* Supplied material

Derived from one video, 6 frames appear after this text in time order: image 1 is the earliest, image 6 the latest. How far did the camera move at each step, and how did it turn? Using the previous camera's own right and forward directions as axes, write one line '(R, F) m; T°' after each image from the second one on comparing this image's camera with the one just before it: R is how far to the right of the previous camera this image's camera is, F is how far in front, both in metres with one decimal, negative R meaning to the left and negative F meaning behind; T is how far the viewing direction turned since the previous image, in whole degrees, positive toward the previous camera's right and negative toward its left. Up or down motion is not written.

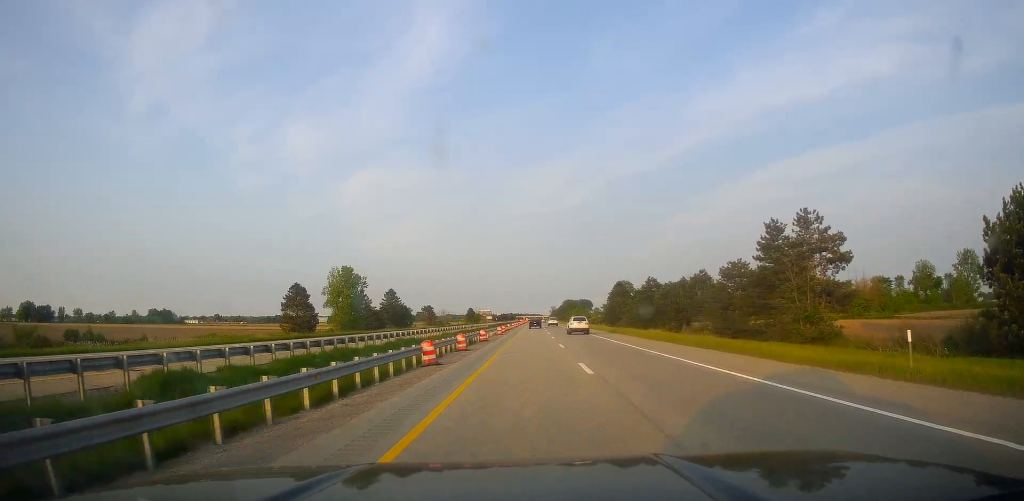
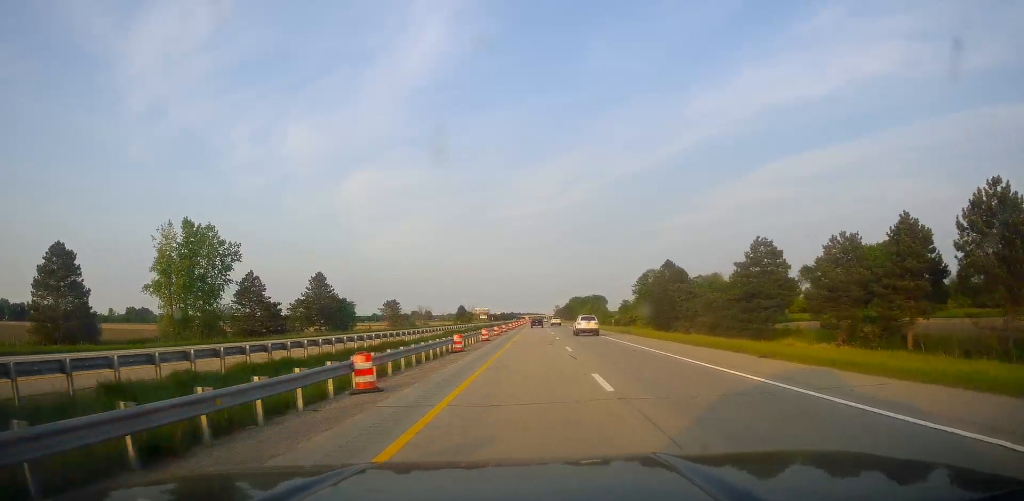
(-1.0, +64.7) m; -1°
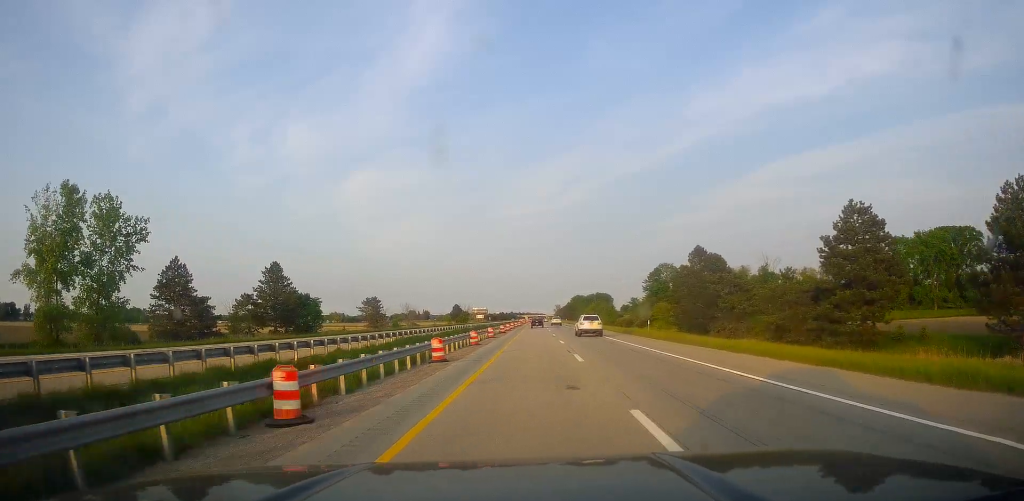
(-0.1, +22.0) m; +1°
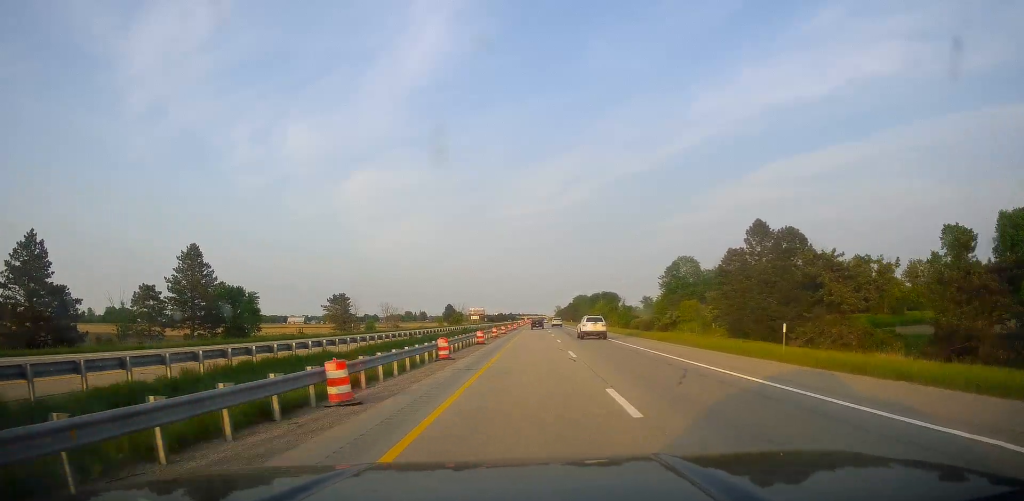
(+0.3, +26.6) m; 0°
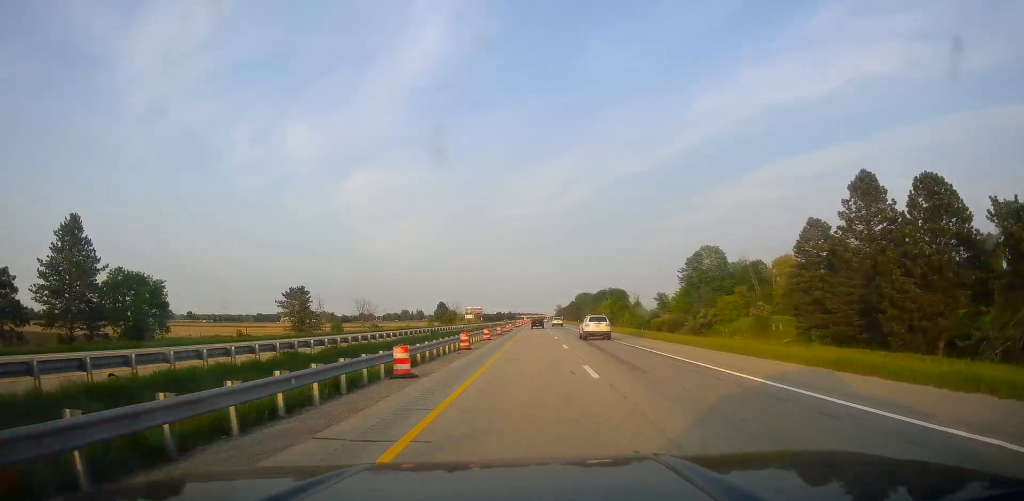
(+0.1, +24.3) m; 0°
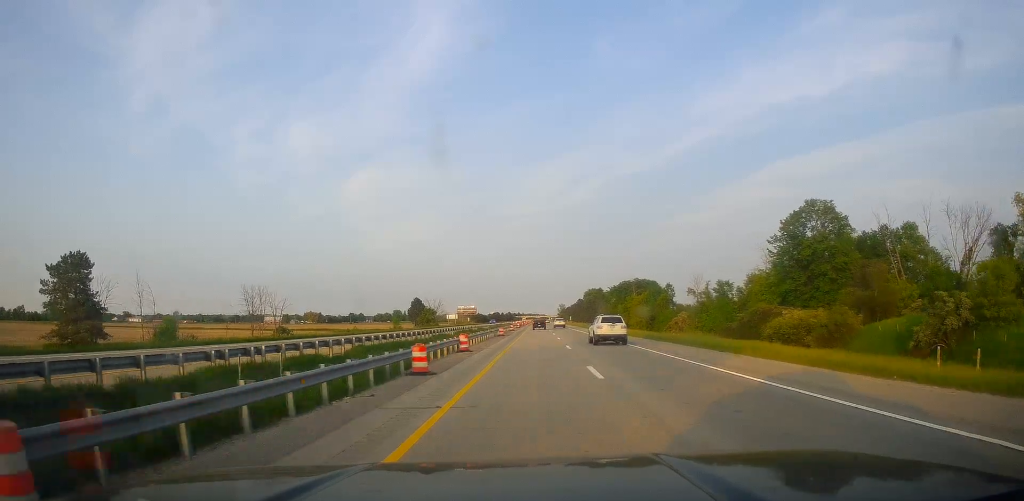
(-0.7, +60.3) m; -1°

* Task to carry out
Quote the listing above in full, except for the pictures.

* Output
Derived from one video, 6 frames appear after this text in time order: image 1 is the earliest, image 6 the latest. How far did the camera move at each step, and how did it turn? Using the previous camera's own right and forward directions as axes, write one line '(R, F) m; T°' after each image from the second one on comparing this image's camera with the one just before it: R is how far to the right of the previous camera this image's camera is, F is how far in front, both in metres with one decimal, negative R meaning to the left and negative F meaning behind; T is how far the viewing direction turned since the previous image, in whole degrees, positive toward the previous camera's right and negative toward its left. Up or down motion is not written.

(-1.0, +64.7) m; -1°
(-0.1, +22.0) m; +1°
(+0.3, +26.6) m; 0°
(+0.1, +24.3) m; 0°
(-0.7, +60.3) m; -1°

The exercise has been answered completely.